## Your task
Find where "དབྱེ་བ། རྣམ་གཞག་གསུམ་དང་པོ་ན། ཐེག་ཆེན་མཐོང་" appears in the entries below. That line and all lines after it, through the last, are to be duplicated exactly, with nothing else.

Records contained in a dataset
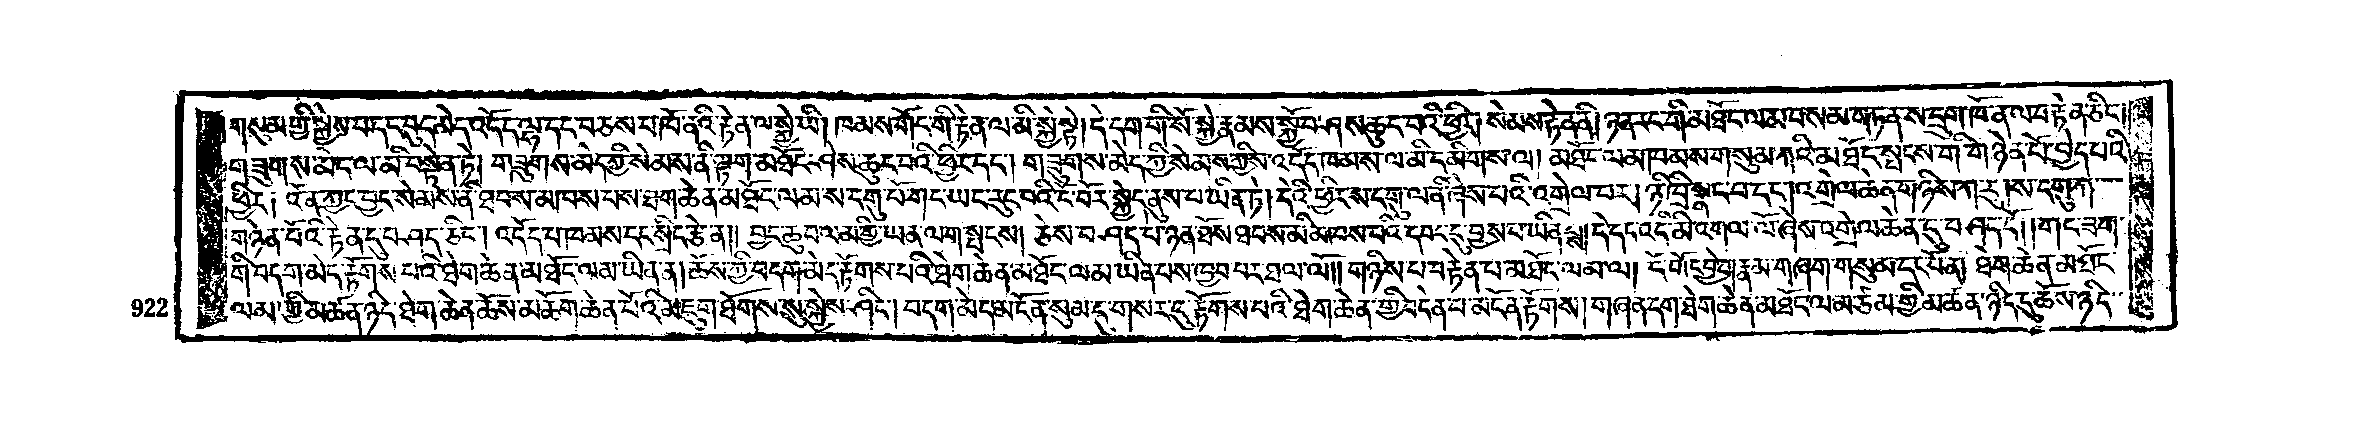གསུམ་གྱི་སྐྱེས་པ་དང་བུད་མེད་འདོད་ལྷ་དང་བཅས་པ་ཁོ་ནའི་རྟེན་ལ་སྐྱེ་ཡི། ཁམས་གོང་གི་རྟེན་ལ་མི་སྐྱེ་སྟེ། དེ་དག་གི་སོ་སྐྱེ་རྣམས་སྐྱོ་བ་ཤས་ཆུང་བའི་ཕྱིར། སེམས་རྟེན་ནི། ཉན་རང་གི་མཐོང་ལམ་བསམ་གཏན་ས་དྲུག་ཁོ་ན་ལ་བརྟེན་ཅིང་
གཟུགས་མེད་ལ་མི་བསྟེན་ཏེ། གཟུགས་མེད་ཀྱི་སེམས་ནི་ལྟག་མཐོང་ཤེས་ཆུང་བའི་ཕྱིར་དང་། གཟུགས་མེད་ཀྱི་སེམས་ཀྱིས་འདོད་ཁམས་ལ་མི་དམིགས་ལ། མཐོང་ལམ་ཁམས་གསུམ་ཀའི་མཐོང་སྤངས་གི་གཉེན་པོ་བྱེད་པའི་
ཕྱིར། འོན་ཀྱང་བྱང་སེམས་ནི་ཐབས་མཁས་པས་ཐེག་ཆེན་མཐོང་ལམ་ས་དགུ་པོ་གང་ཡང་རུང་བའི་ངོ་བོར་སྐྱེད་ནུས་པ་ཡིན་ཏེ། དེའི་ཕྱིར་ས་དགུ་ལ་ནི་ཞེས་པའི་འགྲེལ་བར། ཉི་ཁྲི་སྣང་བ་དང་། འགྲེལ་ཆེན་གཉིས་ཀ་རུ། ས་དགུ་ཀ་
གཉེན་པོའི་རྟེན་དུ་བཤད་ཅིང་། འདོད་པ་ཁམས་དང་སྲིད་རྩེ་ན། །བྱང་ཆུབ་ལམ་གྱི་ཡན་ལག་སྤངས། ཅེས་བཤད་པ་ཉན་ཐོས་ཐབས་མི་མཁས་པའི་དབང་དུ་བྱས་པ་ཡིན་པས། དེ་དང་འདི་མི་འགལ་ལོ་ཞེས་འགྲེལ་ཆེན་དུ་བཤད་དོ། །གང་ཟག་
གི་བདག་མེད་རྟོགས་པའི་ཐེག་ཆེན་མཐོང་ལམ་ཡིན་ན། ཆོས་ཀྱི་བདག་མེད་རྟོགས་པའི་ཐེག་ཆེན་མཐོང་ལམ་ཡིན་པས་ཁྱབ་པར་ཐལ་ལོ། །གཉིས་པ་བརྟེན་པ་མཐོང་ལམ་ལ། ངོ་བོ། དབྱེ་བ། རྣམ་གཞག་གསུམ་དང་པོ་ན། ཐེག་ཆེན་མཐོང་
ལམ་གྱི་མཚན་ཉིད་ཐེག་ཆེན་ཆོས་མཆོག་ཆེན་པོའི་མཇུག་ཐོགས་སུ་སྐྱེས་ཤིང་། བདག་མེད་མངོན་སུམ་དུ་གསར་དུ་རྟོགས་པའི་ཐེག་ཆེན་གྱི་བདེན་པ་མངོན་རྟོགས། གཞན་དག་ཐེག་ཆེན་མཐོང་ལམ་ཙམ་གྱི་མཚན་ཉིད་དུ་ཆོས་ཉིད་

## Reply
གི་བདག་མེད་རྟོགས་པའི་ཐེག་ཆེན་མཐོང་ལམ་ཡིན་ན། ཆོས་ཀྱི་བདག་མེད་རྟོགས་པའི་ཐེག་ཆེན་མཐོང་ལམ་ཡིན་པས་ཁྱབ་པར་ཐལ་ལོ། །གཉིས་པ་བརྟེན་པ་མཐོང་ལམ་ལ། ངོ་བོ། དབྱེ་བ། རྣམ་གཞག་གསུམ་དང་པོ་ན། ཐེག་ཆེན་མཐོང་
ལམ་གྱི་མཚན་ཉིད་ཐེག་ཆེན་ཆོས་མཆོག་ཆེན་པོའི་མཇུག་ཐོགས་སུ་སྐྱེས་ཤིང་། བདག་མེད་མངོན་སུམ་དུ་གསར་དུ་རྟོགས་པའི་ཐེག་ཆེན་གྱི་བདེན་པ་མངོན་རྟོགས། གཞན་དག་ཐེག་ཆེན་མཐོང་ལམ་ཙམ་གྱི་མཚན་ཉིད་དུ་ཆོས་ཉིད་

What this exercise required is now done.